Sommige betrekkelijk kleine hagedissoorten, zoals gekko’s, hebben niet alleen vele eilanden gekoloniseerd door met mensen op boten mee te razen, maar zijn ook steden en dorpen over de hele wereld binnengedrongen. In heel Brazilië bijvoorbeeld is een van de bekendste hagedissen, de mediterrane gekko (Hemidactylus mabouia), zo gewoon in huizen en gebouwen dat de meeste Brazilianen er, op grond van hun eigen waarnemingen, meer over weten dan over een van de inheemse soorten. Zoals het geval is met veel geïntroduceerde hagedissen, lijkt de mediterrane gekko heel goed te leven met mensen in verstoorde gebieden, maar lijkt niet binnen te dringen in ongestoorde habitats.
Hagedissen zijn voor het grootste deel geen ziekteoverbrengers en vormen weinig gevaar voor mensen die de juiste voorzorgsmaatregelen nemen bij het hanteren ervan. Hagedissen zijn vaak besmet met verschillende parasieten, waaronder een vorm van malaria, maar deze parasieten zijn meestal soortspecifiek. Salmonellabacteriën kunnen van een hagedis op een mens worden overgedragen, vooral als de hagedis in de mond van een mens wordt geplaatst. Tuberculose (Mycobacterium tuberculosis) en sommige virale en schimmelinfecties kunnen ook van de hagedis op de mens worden overgedragen. Personen die met hagedissen omgaan, wordt aangeraden een goede persoonlijke hygiëne in acht te nemen.

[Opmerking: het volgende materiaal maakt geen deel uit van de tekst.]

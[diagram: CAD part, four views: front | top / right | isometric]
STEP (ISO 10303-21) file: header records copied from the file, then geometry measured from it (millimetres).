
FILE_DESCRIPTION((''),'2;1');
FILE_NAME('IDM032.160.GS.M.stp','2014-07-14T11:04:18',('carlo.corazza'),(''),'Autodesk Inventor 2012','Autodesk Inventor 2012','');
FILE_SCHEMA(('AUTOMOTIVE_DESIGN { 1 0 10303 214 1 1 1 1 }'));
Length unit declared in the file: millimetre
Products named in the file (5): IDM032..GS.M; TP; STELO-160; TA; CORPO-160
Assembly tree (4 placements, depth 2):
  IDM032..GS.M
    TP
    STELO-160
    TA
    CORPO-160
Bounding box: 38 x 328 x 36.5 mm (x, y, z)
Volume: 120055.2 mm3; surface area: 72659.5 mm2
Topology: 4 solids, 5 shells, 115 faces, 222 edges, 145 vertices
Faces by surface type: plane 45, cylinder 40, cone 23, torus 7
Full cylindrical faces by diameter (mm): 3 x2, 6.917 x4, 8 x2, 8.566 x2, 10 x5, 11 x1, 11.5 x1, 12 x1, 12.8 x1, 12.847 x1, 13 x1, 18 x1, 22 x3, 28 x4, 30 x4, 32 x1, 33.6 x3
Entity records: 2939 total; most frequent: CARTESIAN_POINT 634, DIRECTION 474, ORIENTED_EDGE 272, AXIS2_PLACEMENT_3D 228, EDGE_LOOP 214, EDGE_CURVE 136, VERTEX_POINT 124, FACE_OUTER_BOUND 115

Nauwelijks twee soorten, het Gilamonster (Heloderma suspectum) van het zuidwesten van de Verenigde Staten en het noordwesten van Mexico en de Mexicaanse parelhagedis (H. horridum) van het westen van Mexico, zijn giftig. Beide soorten bijten mensen alleen als ze worden geprovoceerd, en dodelijke slachtoffers zijn zeer zeldzaam. Tot de meest ongevaarlijke hagedissen behoren de gekko’s, waarvan ten onrechte wordt aangenomen dat zij zeer giftig zijn door vele inheemse culturen over de gehele wereld. De redenen voor deze verdenking zijn onduidelijk; de nachtelijke activiteit van de gekko’s, hun elliptische pupillen en hun vermogen om op gladde verticale oppervlakken te lopen, kunnen hen echter voor sommige culturen bovennatuurlijk doen lijken.

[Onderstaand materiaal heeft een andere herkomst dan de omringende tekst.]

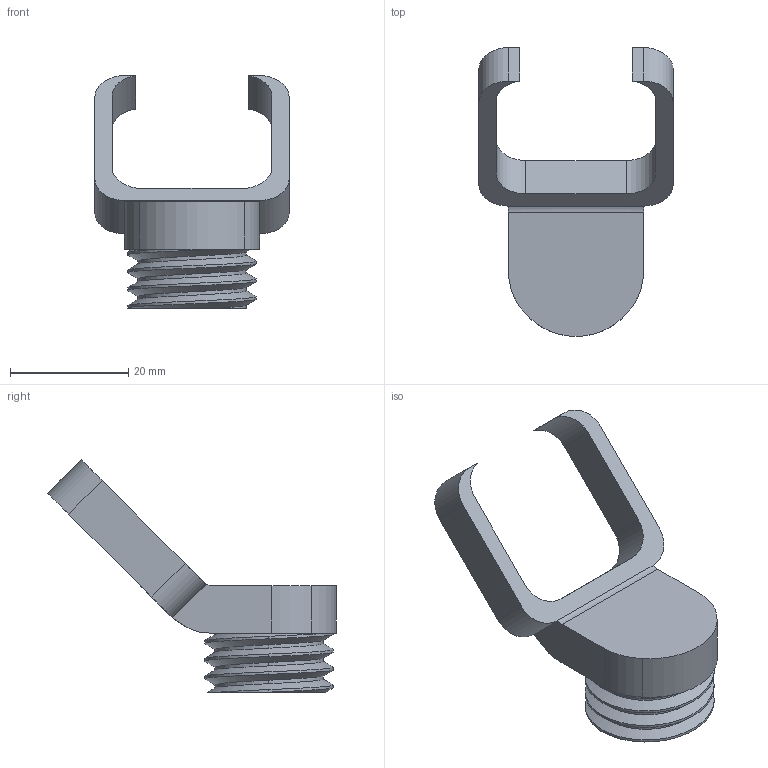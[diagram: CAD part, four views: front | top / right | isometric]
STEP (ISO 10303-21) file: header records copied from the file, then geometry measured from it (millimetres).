
FILE_DESCRIPTION(/* description */ ('Designed by EasyEDA Pro'),/* implementation_level */ '2;1');
FILE_NAME(/* name */ '',/* time_stamp */ '2024-10-31T14:49:30+08:00',/* author */ (''),/* organization */ (''),/* preprocessor_version */ 'ST-DEVELOPER v20',/* originating_system */ 'Autodesk Translation Framework v13.20.0.188',/* authorisation */ '');
FILE_SCHEMA (('AUTOMOTIVE_DESIGN { 1 0 10303 214 3 1 1 }'));
Length unit declared in the file: millimetre
Products named in the file (6): PCBModel; 盖子; 盖子2; USB插件组; usb插座外壳; 螺丝
Assembly tree (5 placements, depth 6):
  PCBModel
    盖子
      盖子2
        USB插件组
          usb插座外壳
            螺丝
Bounding box: 32.8 x 48.7 x 39.29 mm (x, y, z)
Volume: 8232.2 mm3; surface area: 5135.9 mm2
Topology: 2 solids, 2 shells, 40 faces, 104 edges, 68 vertices
Faces by surface type: cylinder 20, plane 15, bspline 4, sphere 1
Full cylindrical faces by diameter (mm): 18.337 x2, 21.765 x3
Entity records: 2656 total; most frequent: CARTESIAN_POINT 1582, ORIENTED_EDGE 206, DIRECTION 199, EDGE_CURVE 103, AXIS2_PLACEMENT_3D 75, VERTEX_POINT 68, LINE 49, VECTOR 49

Hagedissen worden ook gewaardeerd als onderwerpen voor biologisch onderzoek. Hun verschillende voortplantingswijzen en hun vermogen om de lichaamstemperatuur te regelen zijn twee van de vele gebieden die door vergelijkende fysiologen worden bestudeerd (zie thermoregulatie). De grote overvloed en de waarneembaarheid van talrijke soorten maken hen tot ideale onderwerpen voor ecologen en ethologen. Het vermogen van sommige soorten om gebroken staarten te regenereren heeft ertoe geleid dat zij door gedragsecologen en ontwikkelingsbiologen als onderzoekssubjecten worden gebruikt. Omdat ze relatief schoon en gemakkelijk te houden zijn, zijn hagedissen ook heel populair als huisdier.